Welcome to August, everybody. I’m on trip subsequent week, escaping the subtropical zone of Brooklyn for the sanity-restoring woods of Vermont, so Gillian Friedman will likely be filling in. Until then, right here’s what it is advisable to know in enterprise and tech for the week forward.
What’s Up? (July 26-Aug. 1)
A Long Fall
Appalling new information reveals simply how badly the pandemic has devastated the United States economic system: Gross home product shrank 9.5 p.c, or 32.9 p.c at an adjusted annual fee, in the second quarter of this yr, according to a report from the Commerce Department. It’s the most extreme collapse in the 70-plus years that G.D.P. statistics have been compiled, and wiped away almost 5 years of financial progress. If the virus had been now below management, the dive may show to be non permanent. But with instances surging in many states, a fast comeback is trying much less and fewer probably.
No Mask, No Service
The science is obvious that masks help slow the spread of the coronavirus and permit folks to buy and exit in public extra safely. That’s why many huge companies, most recently McDonald’s, are requiring prospects to put on them. But there’s a wrinkle: Enforcement is tricky. Stores like Walmart have appointed “health ambassadors” to remind prospects to placed on masks earlier than getting into, but when somebody refuses, what’s the worker going to do? Confront the individual and get breathed on? No thanks.
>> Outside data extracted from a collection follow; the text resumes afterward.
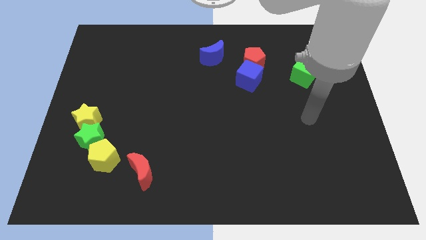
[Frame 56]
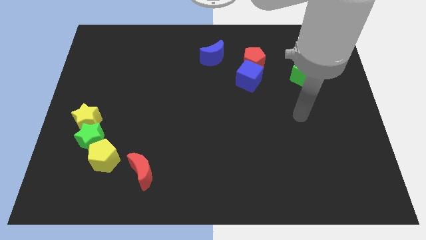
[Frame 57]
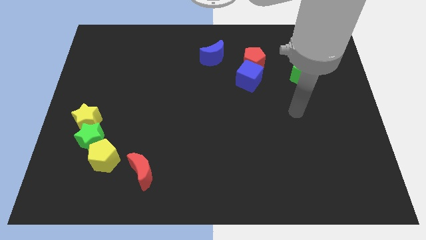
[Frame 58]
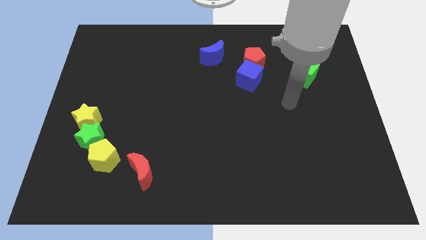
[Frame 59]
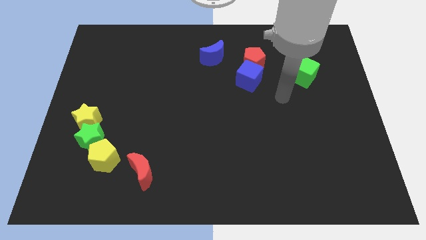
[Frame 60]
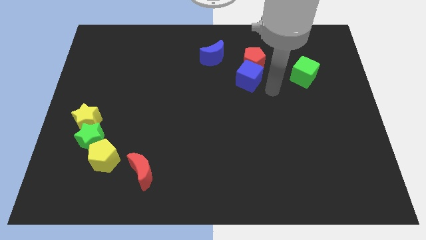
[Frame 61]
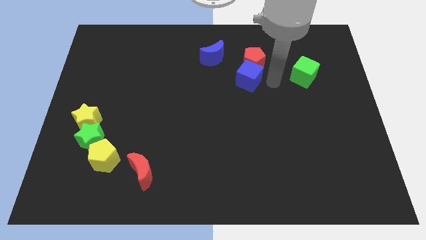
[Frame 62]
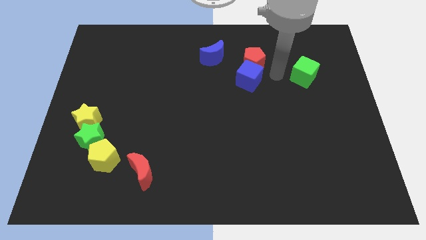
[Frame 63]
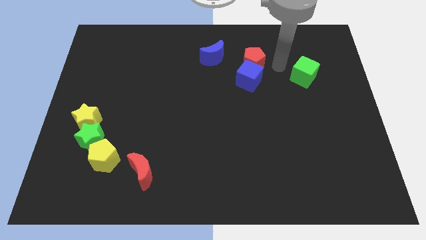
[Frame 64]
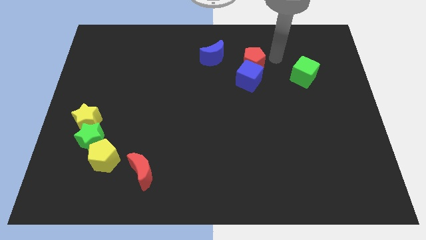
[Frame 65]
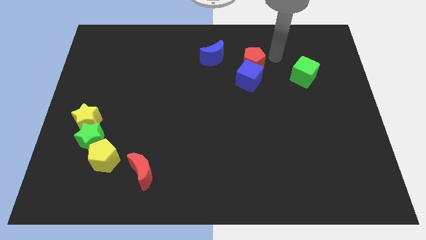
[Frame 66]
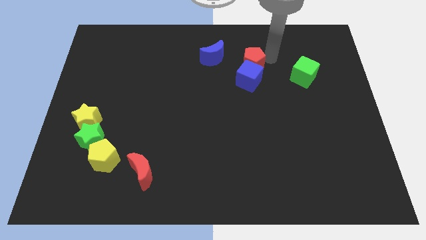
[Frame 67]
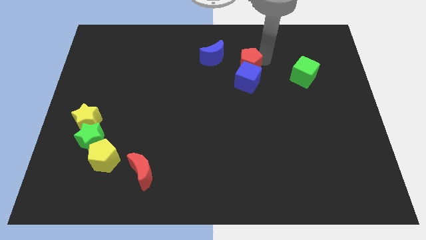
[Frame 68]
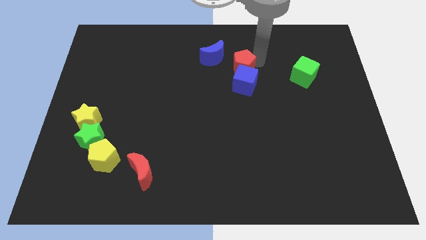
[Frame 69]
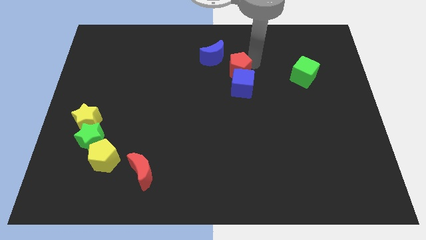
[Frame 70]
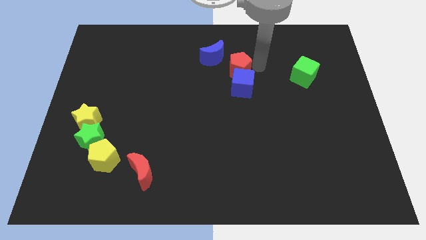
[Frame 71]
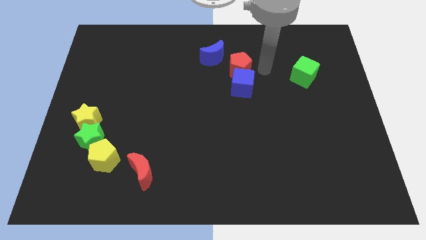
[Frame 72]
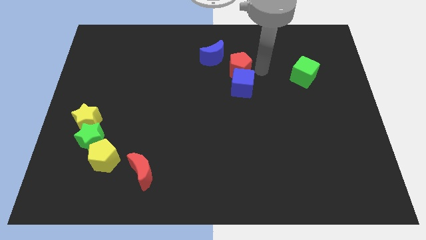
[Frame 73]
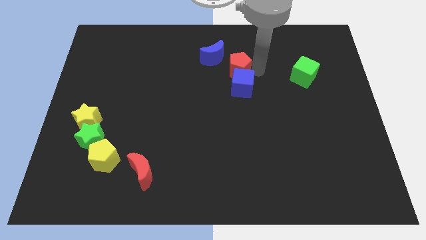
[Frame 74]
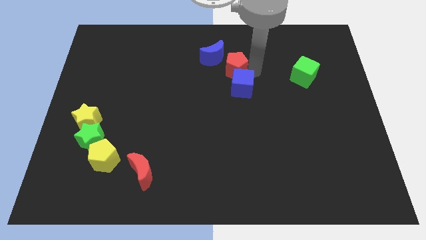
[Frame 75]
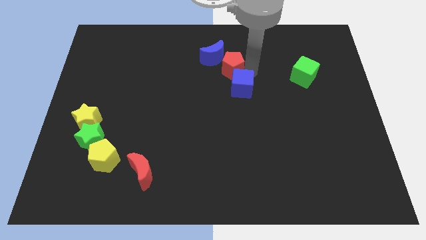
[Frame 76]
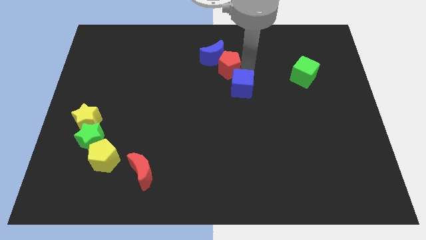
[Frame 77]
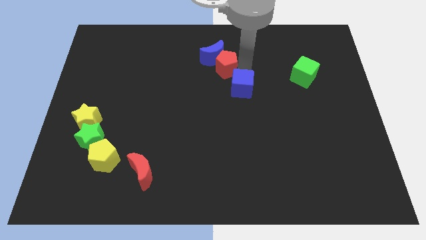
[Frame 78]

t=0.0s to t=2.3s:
move the red pentagon a bit left

Many companies are struggling to take care of this loophole, which impacts the security of different prospects in addition to workers.
On the Spot
The chief executives of the tech business’s “Big Four” — Amazon, Apple, Facebook and Google — confronted a blistering round of questions (by way of video, awkwardly) from a congressional antitrust panel on Wednesday. The listening to was a fruits of a yearlong investigation into monopolies in the digital market, and people in the sizzling seat — Jeff Bezos, Tim Cook, Mark Zuckerberg and Sundar Pichai — struggled to defend claims that their corporations had damaged antitrust legal guidelines by exploiting their measurement to consolidate energy and thwart rivals. Lawmakers vowed to tighten laws, however how they’ll do that is still to be seen. And the corporations proceed to rake in money as the pandemic makes shoppers extra reliant on digital providers. Apple, Amazon and Facebook all reported blockbuster income this previous week, and Google reported higher earnings than anticipated.
What’s Next? (Aug. 2-8)
Not So Fast
Congress might discuss an enormous sport about reining in huge tech, however European Union leaders are literally doing it. In the previous, European officers have been notoriously aggressive about attempting to hit American tech corporations the place it hurts — with higher taxes and business restrictions — with various success. Now, they’re pursuing a handful of new laws that would cut the scope of what digital companies can do and promote. One would make it unlawful for Amazon and Apple to steer prospects towards their very own merchandise as an alternative of these made by rivals. Another would set up stricter guidelines towards hate speech on social networks. If any of those proposed legal guidelines come to fruition, they may push the platforms to alter their behaviors worldwide.
Millions of employees (roughly one in five) are nonetheless out of labor in the United States, and so they’re about to get determined. Until the finish of July, they had been receiving supplementary unemployment advantages (an extra $600 a week) from the federal authorities as a part of the CARES Act that was handed in March. But that provision expired on Friday, and efforts to increase or substitute components of it stalled in Washington this previous week when President Trump put the kibosh on negotiations for a broad relief package. (His chief of workers summed issues up: “We’re nowhere near a deal.”) Lawmakers at the moment are scrambling to discover a fast Band-Aid, like one other spherical of direct funds to Americans, lots of whom are facing the threat of eviction.
Where Are the Jobs?
The July employment report comes out this Friday, and analysts are break up on the place issues stand. Most economists anticipate the numbers to point out one other improve in payrolls for the third consecutive month (good!), however say that it will likely be modest — in spite of everything, a number of huge states have paused and even reversed their reopenings as the variety of virus instances will increase (unhealthy). Others suppose payrolls may have even declined. One factor we do know for positive: The variety of new jobless claims is on the rise once more for the second week in a row, which doesn’t paint a promising image.